Moving beyond agricultural policy to offer a fresh perspective on the agrarian reform, Land Without Masters shows how ideological assumptions and state interventions surrounding the reform transformed Peru’s political culture and social fabric. Making novel use of both visual and cultural sources, this book offers a fascinating look at how the agrarian reform process permanently altered the relationship between rural citizens and the national government—and how it continues to resonate in Peruvian politics today.
This event included comments on the book by Peruvian historian Professor Paulo Drinot (UCL) and a Q&A with the author.

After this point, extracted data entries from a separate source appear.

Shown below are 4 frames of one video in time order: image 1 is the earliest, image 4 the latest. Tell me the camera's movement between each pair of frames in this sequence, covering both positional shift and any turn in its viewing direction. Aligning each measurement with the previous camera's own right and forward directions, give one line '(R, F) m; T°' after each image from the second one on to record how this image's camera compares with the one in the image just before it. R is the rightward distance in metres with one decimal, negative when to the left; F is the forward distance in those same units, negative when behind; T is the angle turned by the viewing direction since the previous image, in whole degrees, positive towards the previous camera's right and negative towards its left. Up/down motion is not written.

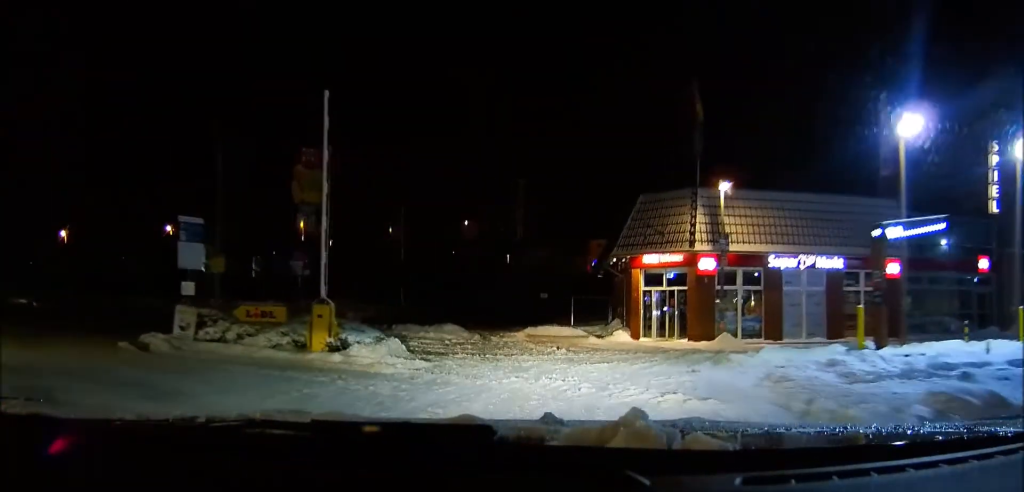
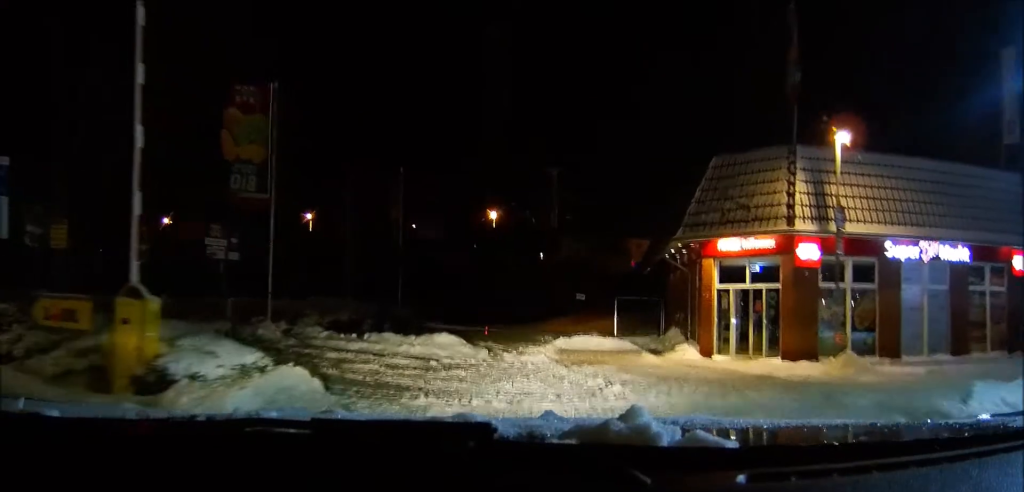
(+0.1, +8.7) m; +4°
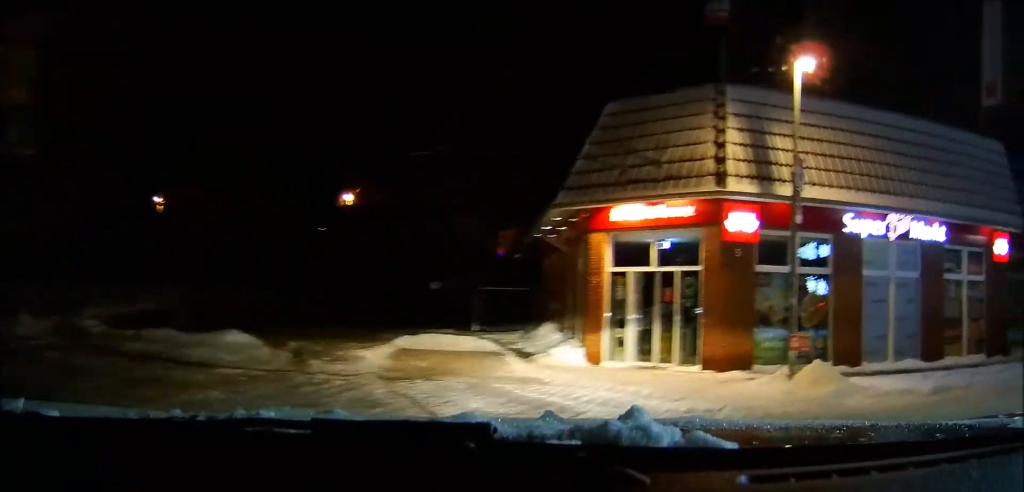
(+0.8, +5.0) m; +24°
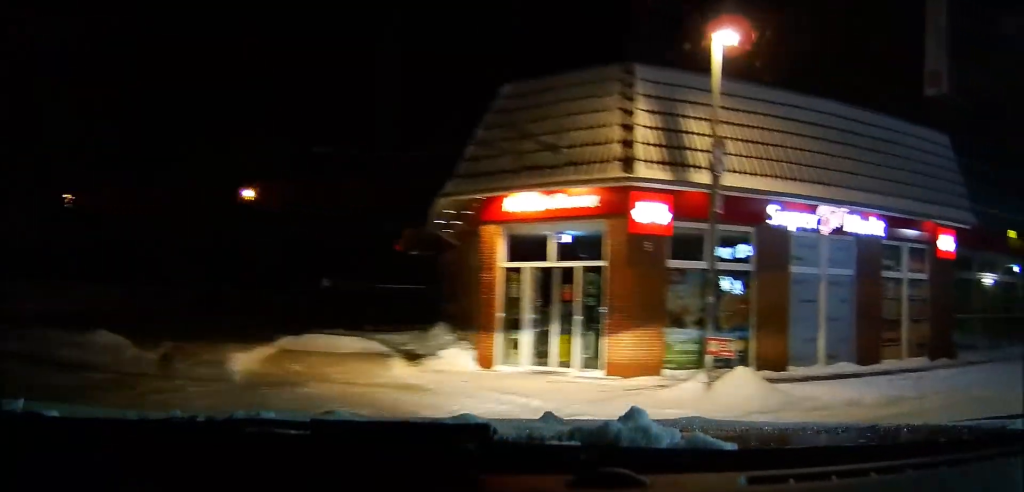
(+0.1, +1.3) m; +9°

Meet our speakers and chair
Dr Anna Cant, Assistant Professor, International History, LSE. She is a historian of Latin America with expertise in twentieth-century politics, cultural history and rural development. She gained her PhD in History at the University of Cambridge (2015) with a thesis on land reform in Peru. Before joining the LSE in September 2018, Dr Cant spent two years as a visiting researcher at Los Andes University, Bogota (Colombia). She is currently researching the history of Catholic radio in the Andes.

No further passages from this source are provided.